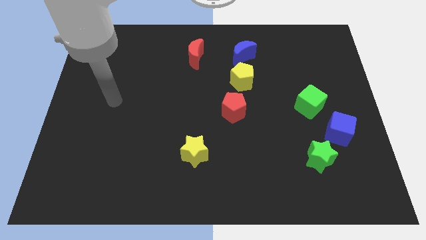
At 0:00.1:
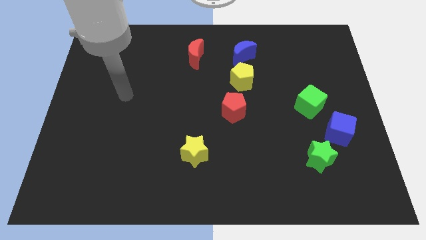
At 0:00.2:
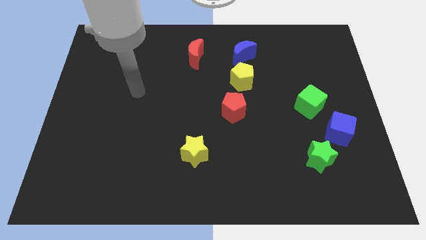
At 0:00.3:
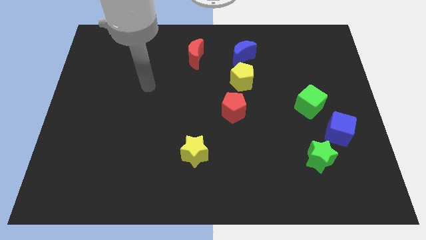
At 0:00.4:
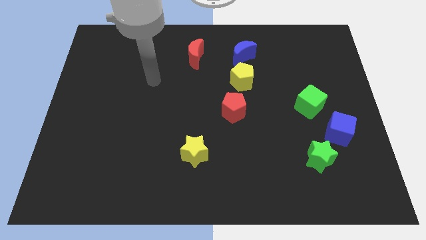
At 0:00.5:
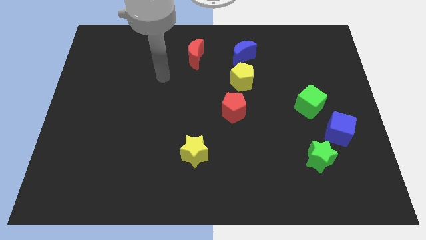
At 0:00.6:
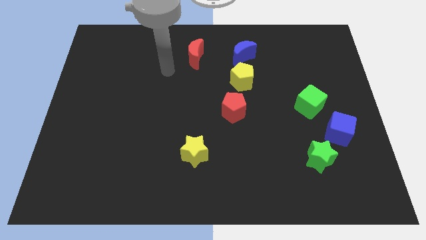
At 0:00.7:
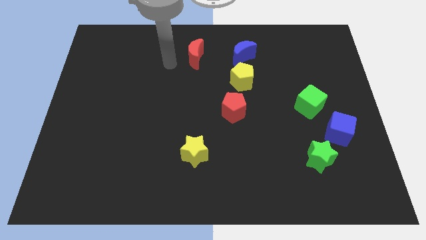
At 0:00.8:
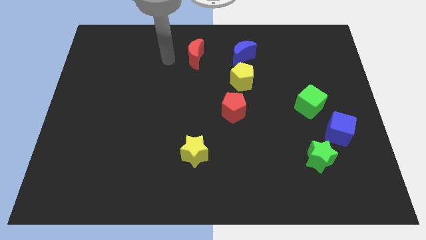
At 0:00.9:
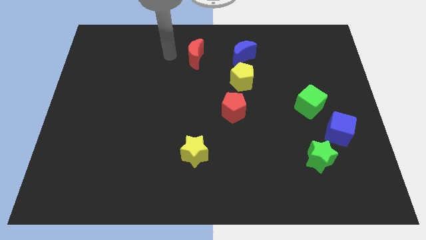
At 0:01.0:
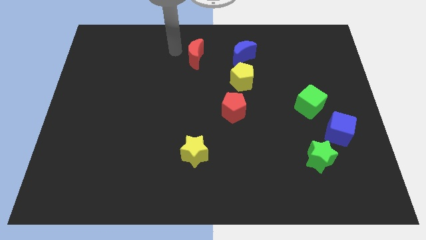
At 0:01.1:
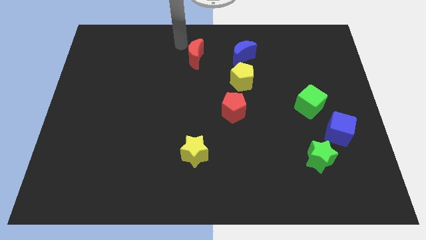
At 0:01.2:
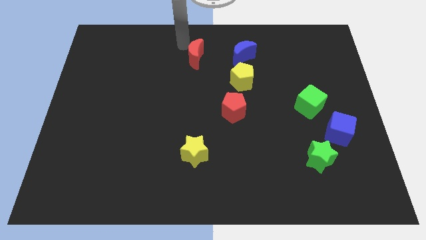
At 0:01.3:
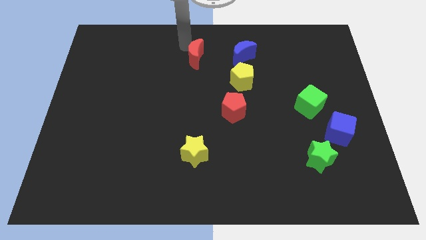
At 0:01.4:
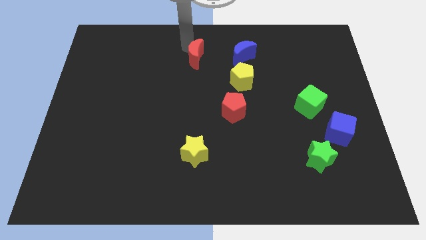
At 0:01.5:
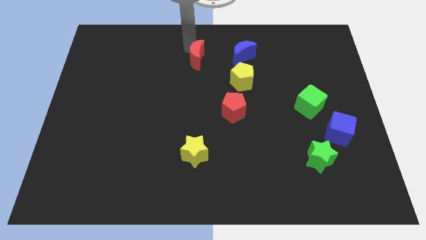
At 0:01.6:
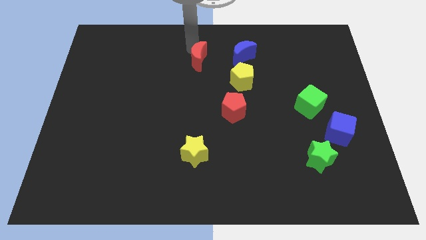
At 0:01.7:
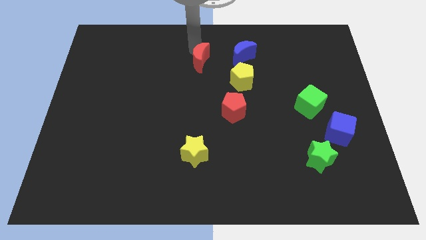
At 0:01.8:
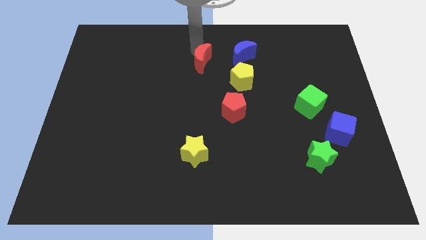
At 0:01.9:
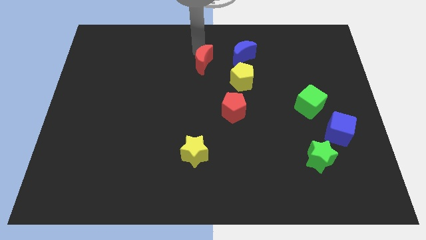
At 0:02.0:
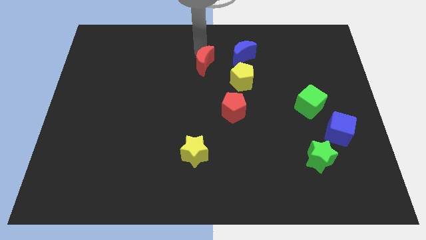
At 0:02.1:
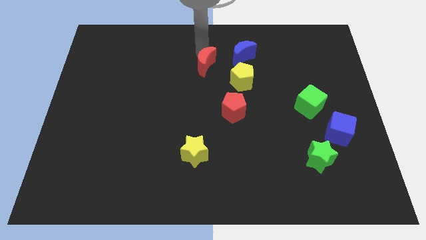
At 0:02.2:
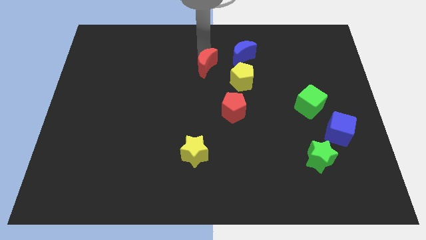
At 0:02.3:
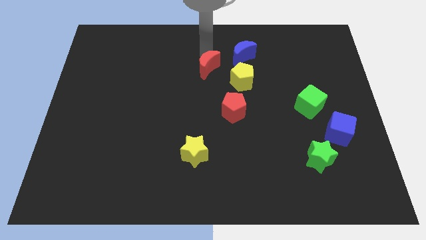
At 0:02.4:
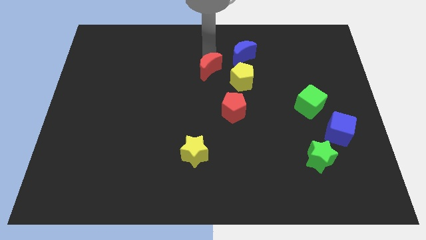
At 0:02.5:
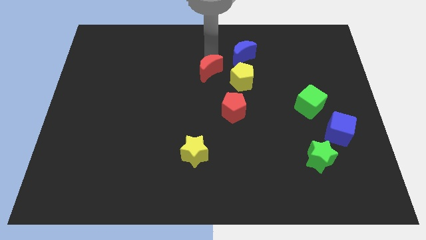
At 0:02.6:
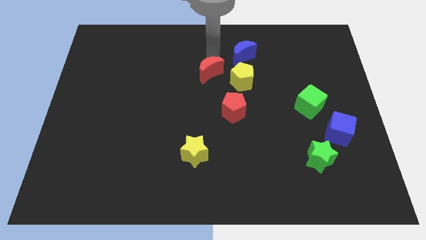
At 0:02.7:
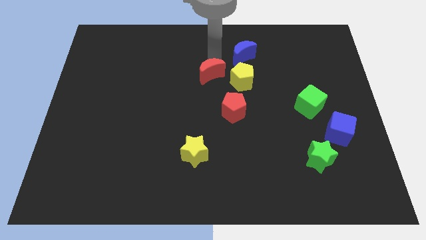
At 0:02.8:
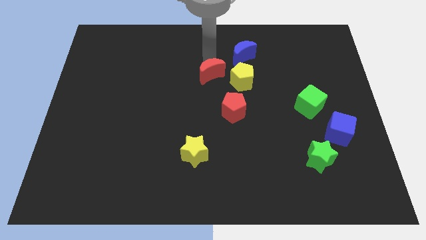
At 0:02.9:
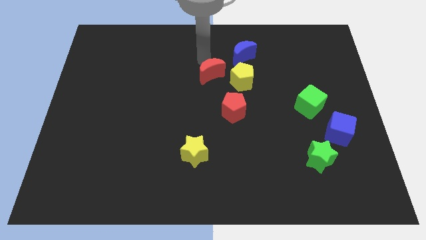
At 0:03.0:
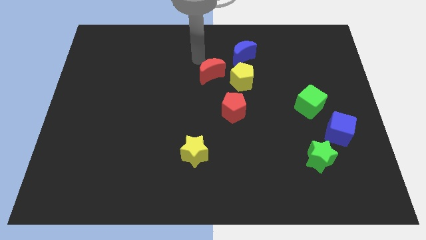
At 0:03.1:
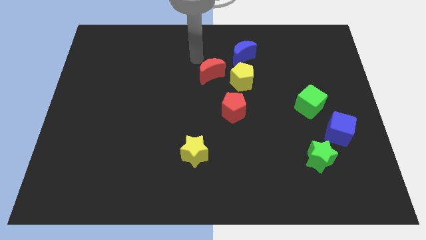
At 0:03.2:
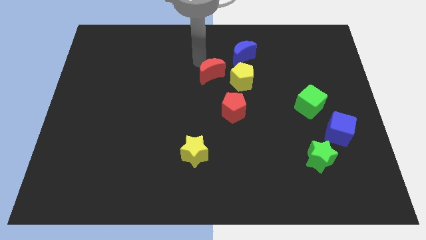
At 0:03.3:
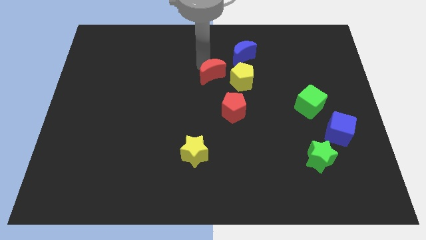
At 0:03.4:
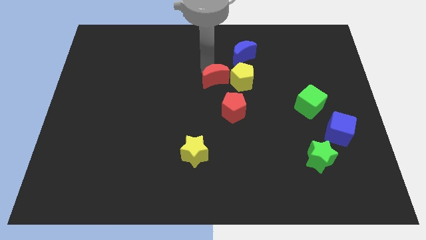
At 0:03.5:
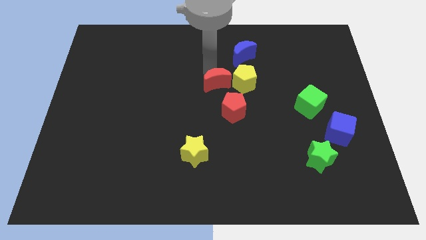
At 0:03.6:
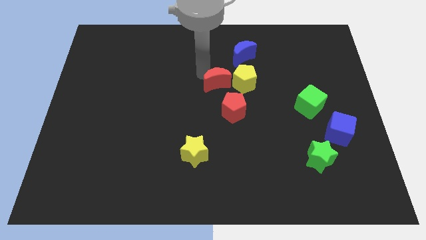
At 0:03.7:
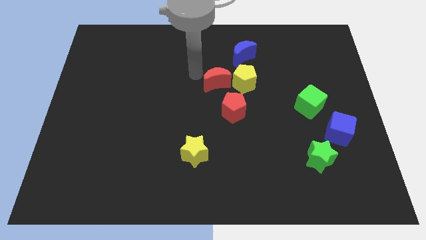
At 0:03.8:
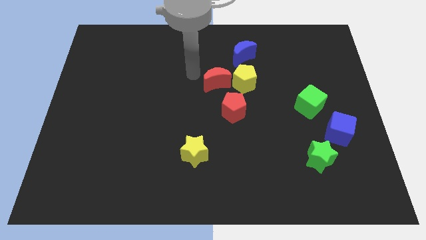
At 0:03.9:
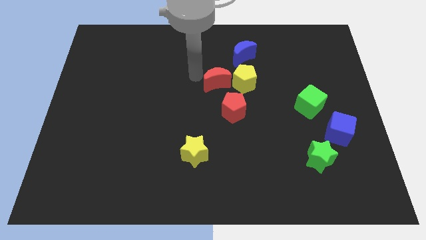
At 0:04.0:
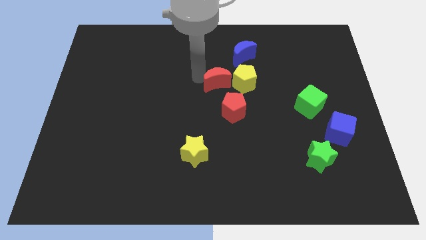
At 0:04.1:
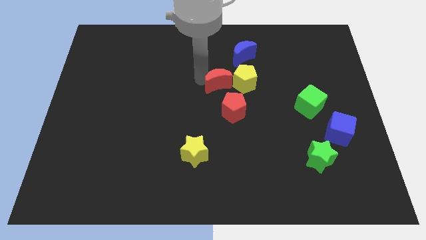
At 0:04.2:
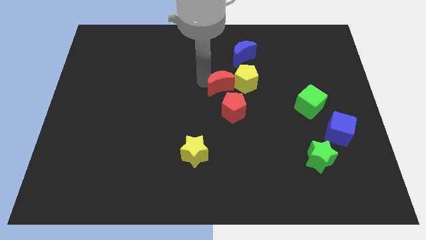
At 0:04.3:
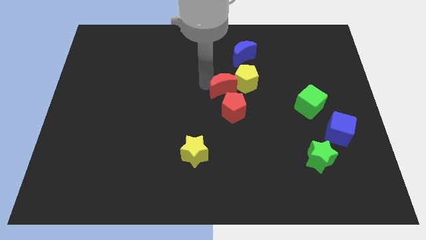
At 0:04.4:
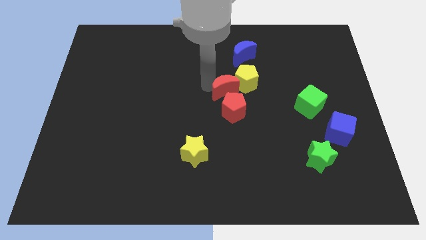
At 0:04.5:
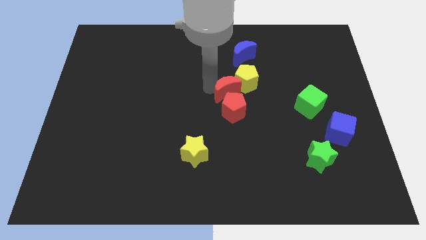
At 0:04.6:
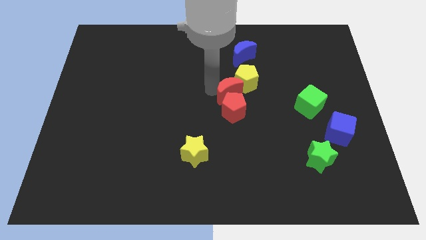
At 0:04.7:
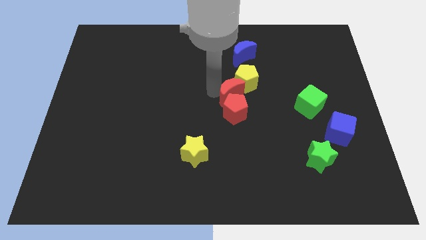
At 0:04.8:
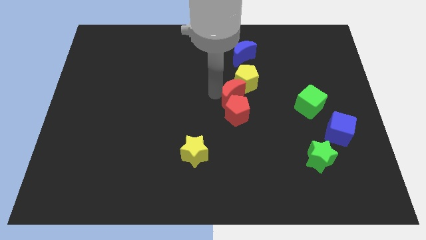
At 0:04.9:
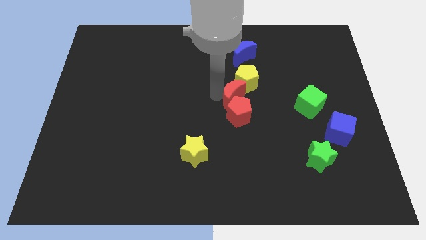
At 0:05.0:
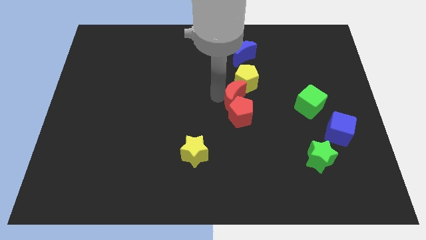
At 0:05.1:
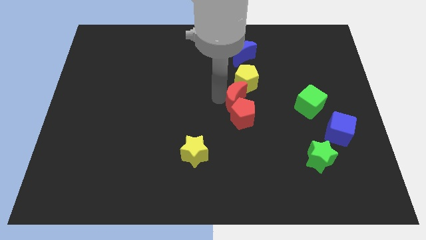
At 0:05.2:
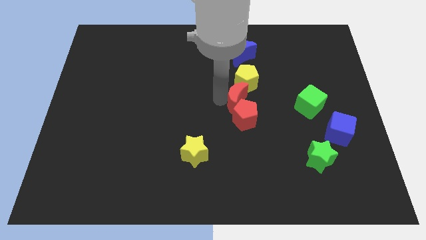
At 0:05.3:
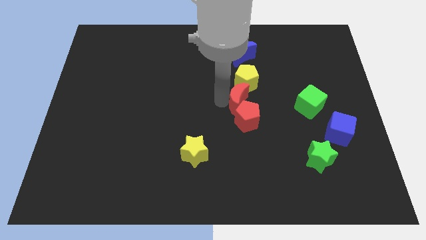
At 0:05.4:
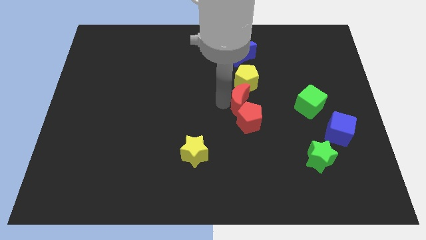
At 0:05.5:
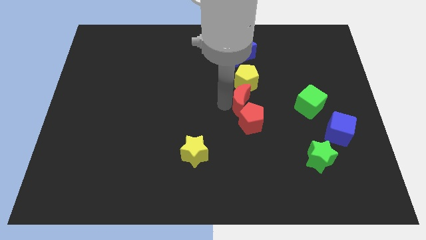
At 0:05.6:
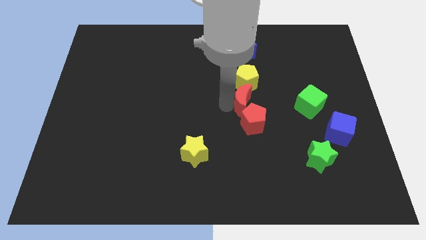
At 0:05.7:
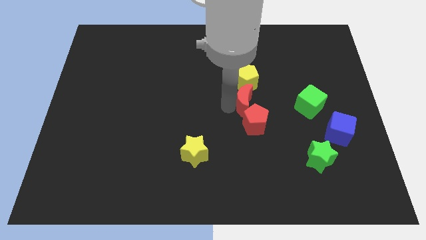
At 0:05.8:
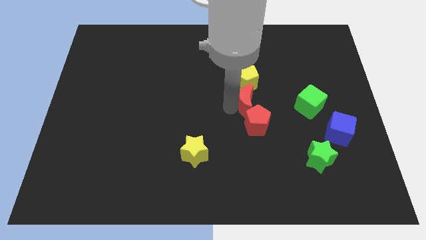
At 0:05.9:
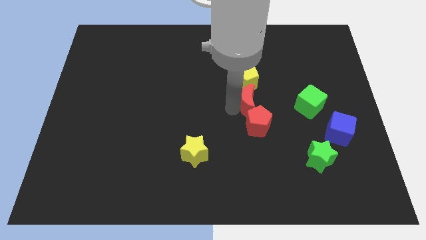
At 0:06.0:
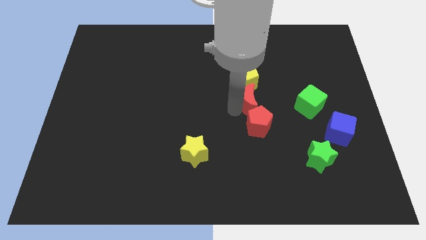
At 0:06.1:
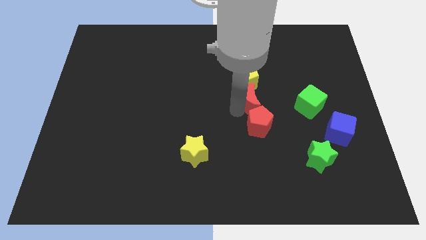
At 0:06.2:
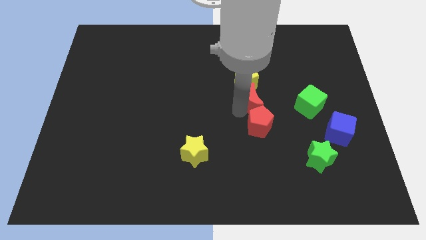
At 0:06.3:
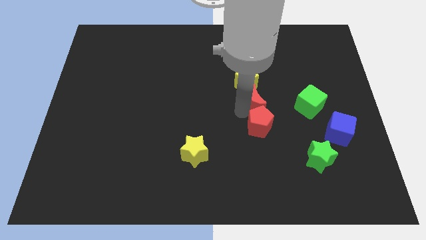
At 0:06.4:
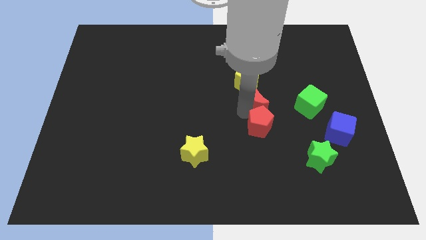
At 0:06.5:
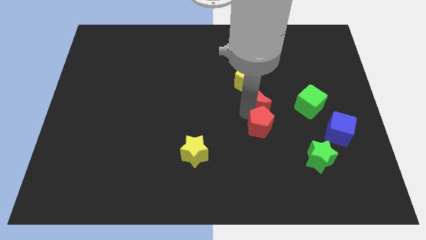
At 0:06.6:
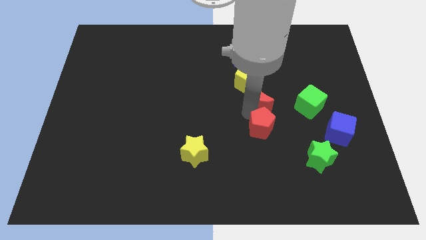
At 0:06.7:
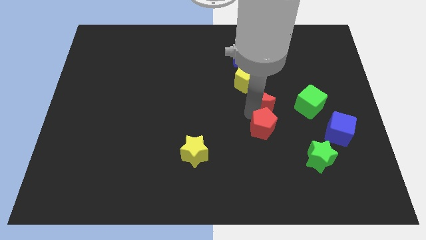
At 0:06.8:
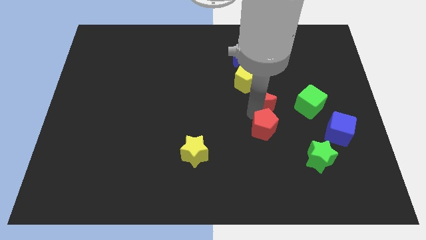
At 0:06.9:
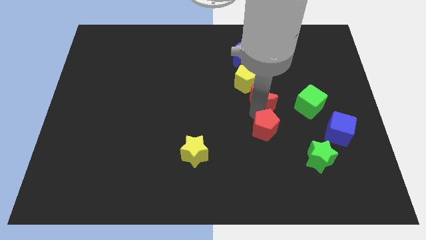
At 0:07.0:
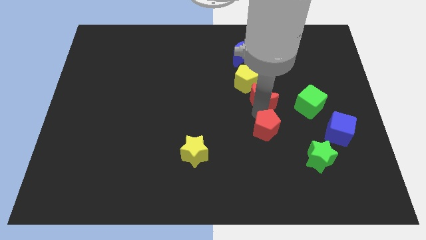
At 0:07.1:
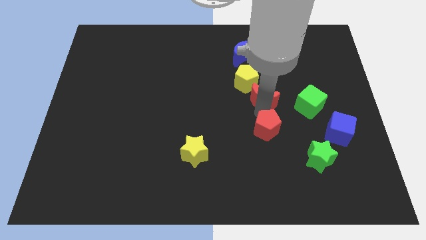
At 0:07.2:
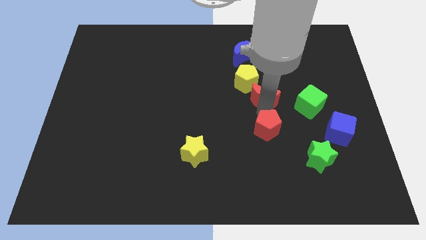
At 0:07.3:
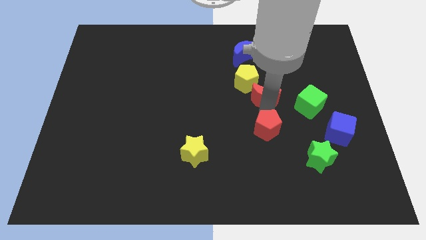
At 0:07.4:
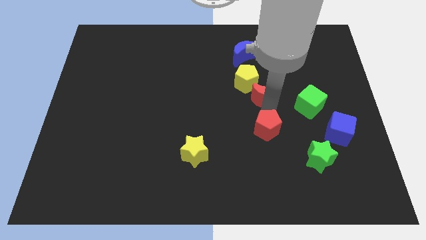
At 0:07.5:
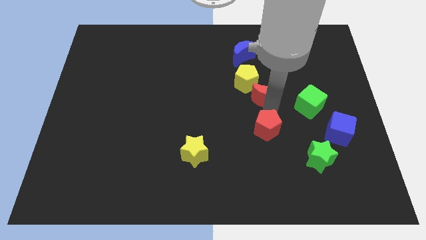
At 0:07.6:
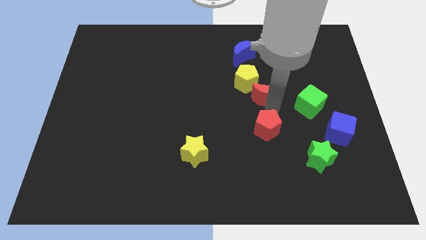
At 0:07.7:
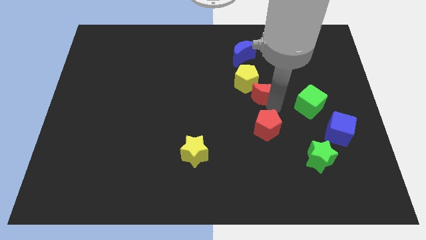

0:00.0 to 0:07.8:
push the red moon just right of the yellow pentagon

= BRIEF =
Restate each line of the material word for word, skipping any picture.

= EXERCISE OUTPUT =
At 0:00.1:
At 0:00.2:
At 0:00.3:
At 0:00.4:
At 0:00.5:
At 0:00.6:
At 0:00.7:
At 0:00.8:
At 0:00.9:
At 0:01.0:
At 0:01.1:
At 0:01.2:
At 0:01.3:
At 0:01.4:
At 0:01.5:
At 0:01.6:
At 0:01.7:
At 0:01.8:
At 0:01.9:
At 0:02.0:
At 0:02.1:
At 0:02.2:
At 0:02.3:
At 0:02.4:
At 0:02.5:
At 0:02.6:
At 0:02.7:
At 0:02.8:
At 0:02.9:
At 0:03.0:
At 0:03.1:
At 0:03.2:
At 0:03.3:
At 0:03.4:
At 0:03.5:
At 0:03.6:
At 0:03.7:
At 0:03.8:
At 0:03.9:
At 0:04.0:
At 0:04.1:
At 0:04.2:
At 0:04.3:
At 0:04.4:
At 0:04.5:
At 0:04.6:
At 0:04.7:
At 0:04.8:
At 0:04.9:
At 0:05.0:
At 0:05.1:
At 0:05.2:
At 0:05.3:
At 0:05.4:
At 0:05.5:
At 0:05.6:
At 0:05.7:
At 0:05.8:
At 0:05.9:
At 0:06.0:
At 0:06.1:
At 0:06.2:
At 0:06.3:
At 0:06.4:
At 0:06.5:
At 0:06.6:
At 0:06.7:
At 0:06.8:
At 0:06.9:
At 0:07.0:
At 0:07.1:
At 0:07.2:
At 0:07.3:
At 0:07.4:
At 0:07.5:
At 0:07.6:
At 0:07.7:

0:00.0 to 0:07.8:
push the red moon just right of the yellow pentagon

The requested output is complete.